YOUR ASSIGNMENT: If a line in the records below contains "dasharray", copy that line.

Saved entries:

· · · · ·

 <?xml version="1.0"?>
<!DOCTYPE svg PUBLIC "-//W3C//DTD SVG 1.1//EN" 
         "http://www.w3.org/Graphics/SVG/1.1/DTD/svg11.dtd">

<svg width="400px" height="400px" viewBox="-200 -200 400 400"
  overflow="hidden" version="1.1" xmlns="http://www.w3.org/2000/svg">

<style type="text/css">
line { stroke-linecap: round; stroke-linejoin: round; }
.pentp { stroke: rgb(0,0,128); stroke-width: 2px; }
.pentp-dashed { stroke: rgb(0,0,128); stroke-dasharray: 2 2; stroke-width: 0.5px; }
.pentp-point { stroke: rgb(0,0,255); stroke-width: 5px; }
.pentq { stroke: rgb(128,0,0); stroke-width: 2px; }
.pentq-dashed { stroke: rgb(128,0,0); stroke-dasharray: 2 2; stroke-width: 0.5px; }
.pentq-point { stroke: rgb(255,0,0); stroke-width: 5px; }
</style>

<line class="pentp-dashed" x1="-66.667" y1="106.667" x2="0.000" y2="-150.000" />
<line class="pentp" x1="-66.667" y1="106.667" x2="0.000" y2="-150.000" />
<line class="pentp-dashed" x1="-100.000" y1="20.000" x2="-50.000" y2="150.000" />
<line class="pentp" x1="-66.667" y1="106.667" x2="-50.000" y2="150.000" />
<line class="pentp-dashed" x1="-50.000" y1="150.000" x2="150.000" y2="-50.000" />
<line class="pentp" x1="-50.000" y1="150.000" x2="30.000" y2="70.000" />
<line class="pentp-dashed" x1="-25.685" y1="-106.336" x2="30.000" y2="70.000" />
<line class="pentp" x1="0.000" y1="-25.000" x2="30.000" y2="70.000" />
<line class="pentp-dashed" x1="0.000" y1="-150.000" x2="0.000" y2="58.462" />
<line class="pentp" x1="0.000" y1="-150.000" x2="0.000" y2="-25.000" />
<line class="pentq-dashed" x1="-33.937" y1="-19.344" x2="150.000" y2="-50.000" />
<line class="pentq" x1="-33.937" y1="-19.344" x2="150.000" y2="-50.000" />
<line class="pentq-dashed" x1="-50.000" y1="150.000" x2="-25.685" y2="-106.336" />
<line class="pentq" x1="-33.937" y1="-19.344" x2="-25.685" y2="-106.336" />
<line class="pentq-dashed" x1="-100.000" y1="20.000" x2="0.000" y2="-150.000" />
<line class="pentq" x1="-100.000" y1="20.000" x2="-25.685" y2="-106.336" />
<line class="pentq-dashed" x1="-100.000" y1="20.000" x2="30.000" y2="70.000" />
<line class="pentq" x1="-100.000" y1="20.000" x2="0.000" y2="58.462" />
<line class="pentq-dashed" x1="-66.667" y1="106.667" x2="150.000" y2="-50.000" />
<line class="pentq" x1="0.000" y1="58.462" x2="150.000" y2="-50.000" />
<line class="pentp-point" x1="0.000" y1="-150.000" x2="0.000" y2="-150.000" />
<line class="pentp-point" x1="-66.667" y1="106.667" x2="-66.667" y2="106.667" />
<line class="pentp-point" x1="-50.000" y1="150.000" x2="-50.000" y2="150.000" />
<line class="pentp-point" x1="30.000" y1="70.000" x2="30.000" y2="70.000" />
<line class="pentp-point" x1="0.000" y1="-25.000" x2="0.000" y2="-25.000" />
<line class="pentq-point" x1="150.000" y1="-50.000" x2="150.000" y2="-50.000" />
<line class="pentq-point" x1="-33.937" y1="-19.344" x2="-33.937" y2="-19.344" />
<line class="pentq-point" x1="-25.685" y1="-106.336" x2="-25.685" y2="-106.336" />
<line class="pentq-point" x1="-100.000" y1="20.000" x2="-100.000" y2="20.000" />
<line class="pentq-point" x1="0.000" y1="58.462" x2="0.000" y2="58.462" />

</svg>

· · · · ·

ANSWER TO THE PROBLEM:
.pentp-dashed { stroke: rgb(0,0,128); stroke-dasharray: 2 2; stroke-width: 0.5px; }
.pentq-dashed { stroke: rgb(128,0,0); stroke-dasharray: 2 2; stroke-width: 0.5px; }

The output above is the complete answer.